(Records from a collection)
>>>>>

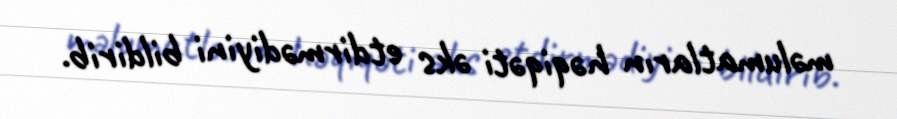
məlumatların həqiqəti əks etdirmədiyini bildirib.
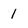
Character: 1
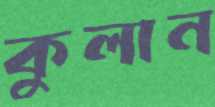
কুলান
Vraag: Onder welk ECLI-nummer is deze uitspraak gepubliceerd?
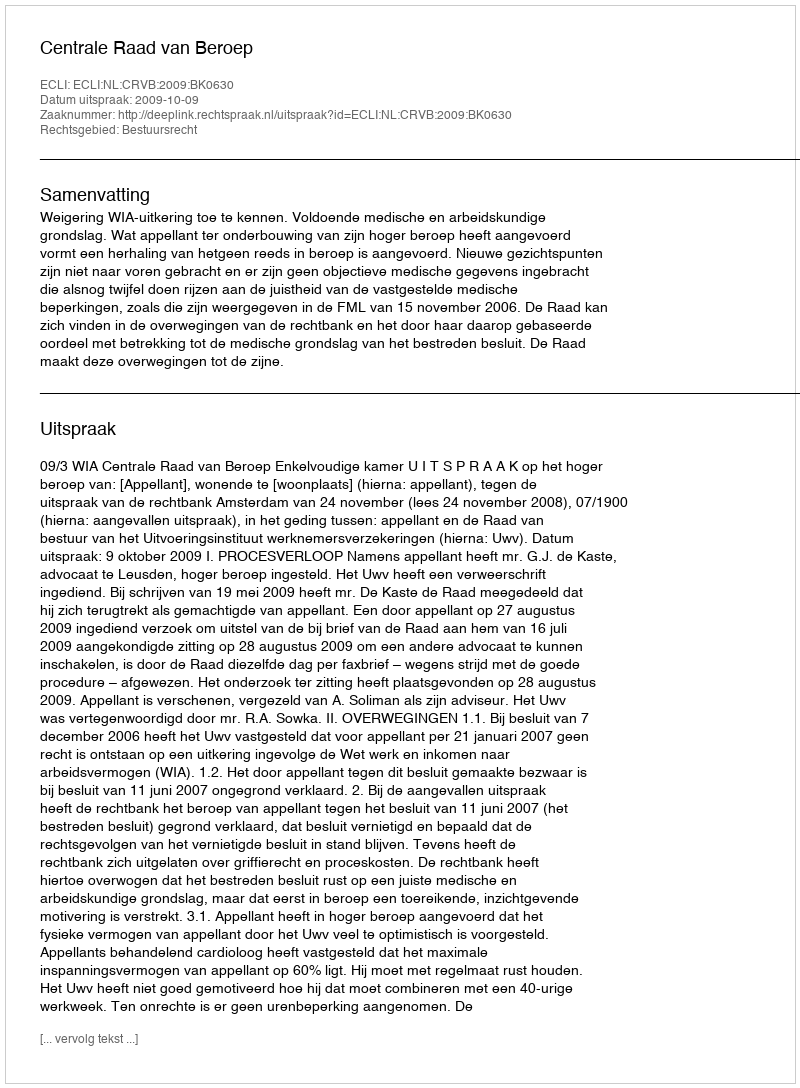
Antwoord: ECLI:NL:CRVB:2009:BK0630
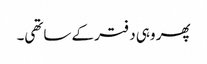
پھر وہی دفتر کے ساتھی۔
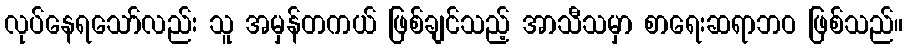
လုပ်နေရသော်လည်း သူ အမှန်တကယ် ဖြစ်ချင်သည့် အာသီသမှာ စာရေးဆရာဘဝ ဖြစ်သည်။
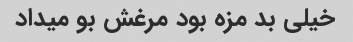
خیلی بد مزه بود مرغش بو میداد
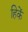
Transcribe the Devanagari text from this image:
हिकें
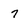
Character: 7
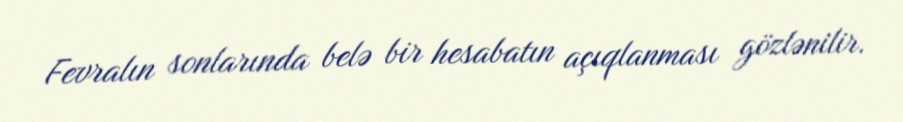
Fevralın sonlarında belə bir hesabatın açıqlanması gözlənilir.
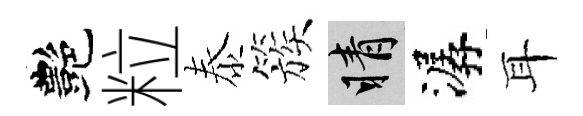
艷粒泰簇睛潺耳
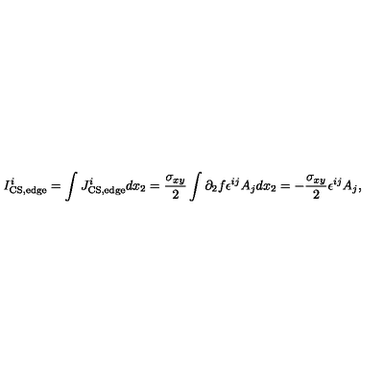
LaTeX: I _ { \mathrm { C S , e d g e } } ^ { i } = \int J _ { \mathrm { C S , e d g e } } ^ { i } d x _ { 2 } = { \frac { \sigma _ { x y } } { 2 } } \int \partial _ { 2 } f \epsilon ^ { i j } A _ { j } d x _ { 2 } = - { \frac { \sigma _ { x y } } { 2 } } \epsilon ^ { i j } A _ { j } ,
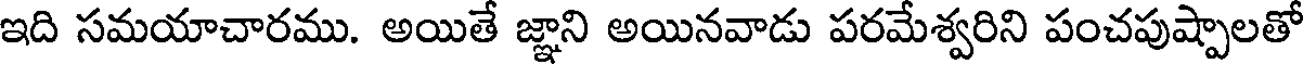
ఇది సమయాచారము. అయితే జ్ఞాని అయినవాడు పరమేశ్వరిని పంచపుష్పాలతో
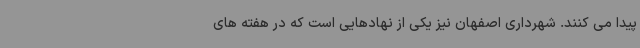
پیدا می کنند. شهرداری اصفهان نیز یکی از نهادهایی است که در هفته های
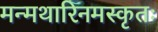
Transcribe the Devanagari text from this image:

<<<<<

* [DESCRIPTION OF THE TASK] Only the lines from the one containing "Vraag: Onder welk" through the last line of the data belong in the copy, both included and reproduced exactly. Pictures do not.

* [PROBLEM SOLUTION]
Vraag: Onder welk ECLI-nummer is deze uitspraak gepubliceerd?
Antwoord: ECLI:NL:CRVB:2009:BK0630
پھر وہی دفتر کے ساتھی۔
လုပ်နေရသော်လည်း သူ အမှန်တကယ် ဖြစ်ချင်သည့် အာသီသမှာ စာရေးဆရာဘဝ ဖြစ်သည်။
خیلی بد مزه بود مرغش بو میداد
Transcribe the Devanagari text from this image:
हिकें
Character: 7
Fevralın sonlarında belə bir hesabatın açıqlanması gözlənilir.
艷粒泰簇睛潺耳
LaTeX: I _ { \mathrm { C S , e d g e } } ^ { i } = \int J _ { \mathrm { C S , e d g e } } ^ { i } d x _ { 2 } = { \frac { \sigma _ { x y } } { 2 } } \int \partial _ { 2 } f \epsilon ^ { i j } A _ { j } d x _ { 2 } = - { \frac { \sigma _ { x y } } { 2 } } \epsilon ^ { i j } A _ { j } ,
ఇది సమయాచారము. అయితే జ్ఞాని అయినవాడు పరమేశ్వరిని పంచపుష్పాలతో
پیدا می کنند. شهرداری اصفهان نیز یکی از نهادهایی است که در هفته های
Transcribe the Devanagari text from this image:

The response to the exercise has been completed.